In the coastal fishing town of Nautla, Lorenzo's 80 mph (130 kph) winds ripped off bits of roofs, blew down trees and scattered debris in the streets.
©AFP |
"It hit us hard and there is an incredible amount of rain," said Mayra Castro, 29, a waitress who spent the night mopping up water that leaked into her house through windows and under doors.
The heavy rains caused a mudslide that killed three people in a village in the Sierra Madre mountains of Puebla state, a state government spokesman said.
Torrential rain also fell on the already waterlogged coffee-growing state of Veracruz but there were no early reports of damage to the crop.
Lorenzo made landfall overnight close to Nautla as a Category 1 hurricane, the lowest rank on the five-step Saffir-Simpson scale, and quickly lost power, becoming a tropical depression with winds of 25 mph (35 kph). Around 100,000 on the coast were evacuated.
The storm was not seen affecting Mexico's oil production, which is centred to the southeast of the landfall area.
The storm knocked down three power transmission lines leaving 85,000 homes along the coast without electricity, the Federal Electricity Commission said.
Lorenzo was the third hurricane to hit Mexico in the last few weeks after Dean and Henriette pounded its Caribbean and Pacific coasts.

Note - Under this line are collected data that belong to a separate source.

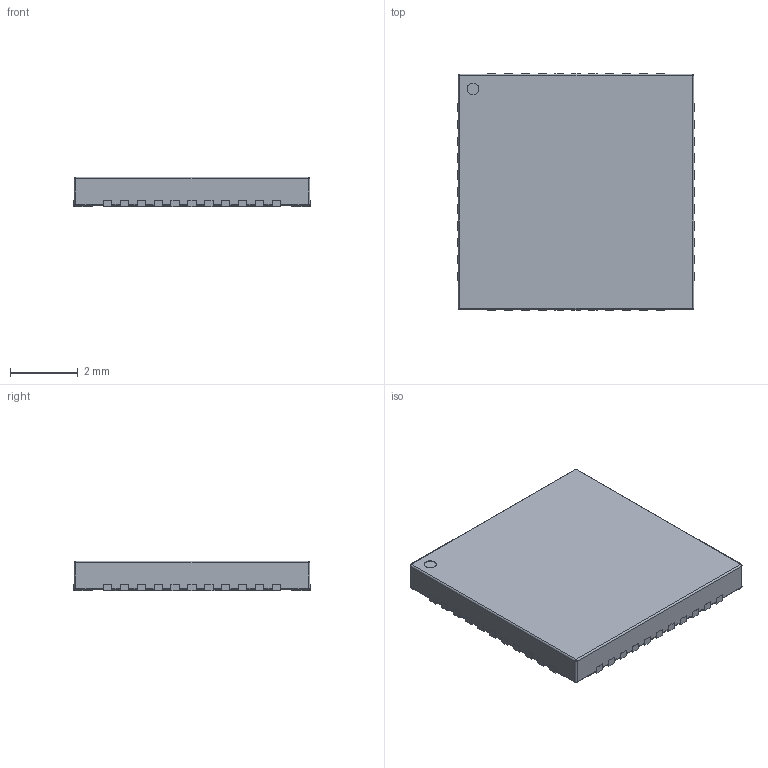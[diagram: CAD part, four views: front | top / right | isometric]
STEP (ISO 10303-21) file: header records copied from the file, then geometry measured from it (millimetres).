
FILE_DESCRIPTION(('FreeCAD Model'),'2;1');
FILE_NAME('QFN44_7x7_p0_5mm_SmallPad.step', '2016-06-07T12:41:32',('Author'),(''), 'Open CASCADE STEP processor 6.8','FreeCAD','Unknown');
FILE_SCHEMA(('AUTOMOTIVE_DESIGN_CC2 { 1 2 10303 214 -1 1 5 4 }'));
Length unit declared in the file: millimetre
Products named in the file (2): ASSEMBLY; QFN44_7x7_p0_5mm_SmallPad
Assembly tree (1 placements, depth 2):
  ASSEMBLY
    QFN44_7x7_p0_5mm_SmallPad
Bounding box: 7 x 7 x 0.88 mm (x, y, z)
Volume: 42 mm3; surface area: 122.9 mm2
Topology: 1 solids, 1 shells, 342 faces, 998 edges, 652 vertices
Faces by surface type: plane 233, cylinder 101, sphere 8
Full cylindrical faces by diameter (mm): 0.35 x1
Entity records: 26619 total; most frequent: CARTESIAN_POINT 5015, DIRECTION 3471, LINE 2333, VECTOR 2333, ORIENTED_EDGE 1980, PCURVE 1980, DEFINITIONAL_REPRESENTATION 1980, EDGE_CURVE 990

Much of Veracruz state, especially north of Tuxpan, is flooded after weeks of relentless rain. Tuxpan is primarily a grain port but also home to a large Navy fleet.
Oil ports in the Mexican part of the Gulf of Mexico were all open to shipping, although some reported large sea swells.
Another tropical storm, Karen churned through the Atlantic some 780 miles_(1,250 km) east of the Windward Islands. A tropical depression also formed in the far eastern Atlantic and was about 245 miles (390 km) southwest of the Cape Verde islands.
With Lorenzo, the 2007 Atlantic storm season has generated four hurricanes, including Humberto, which startled coastal residents of Texas and Louisiana this month by unexpectedly strengthening into a hurricane before landfall.
A giant Category 5 hurricane, Dean, swiped Jamaica and then plowed into Mexico's Yucatan Peninsula in August, killing at least 27 people. Another one, Felix, tore into Central America, killing at least 130 people in Nicaragua.
"The storm was not seen affecting Mexico's oil production" and
"Oil ports in the Mexican part of the Gulf of Mexico were all open to shipping".
Thank God!
No need to worry about the death and damage that the Hurricanes bring as long as oil facilities are not affected. That is what counts.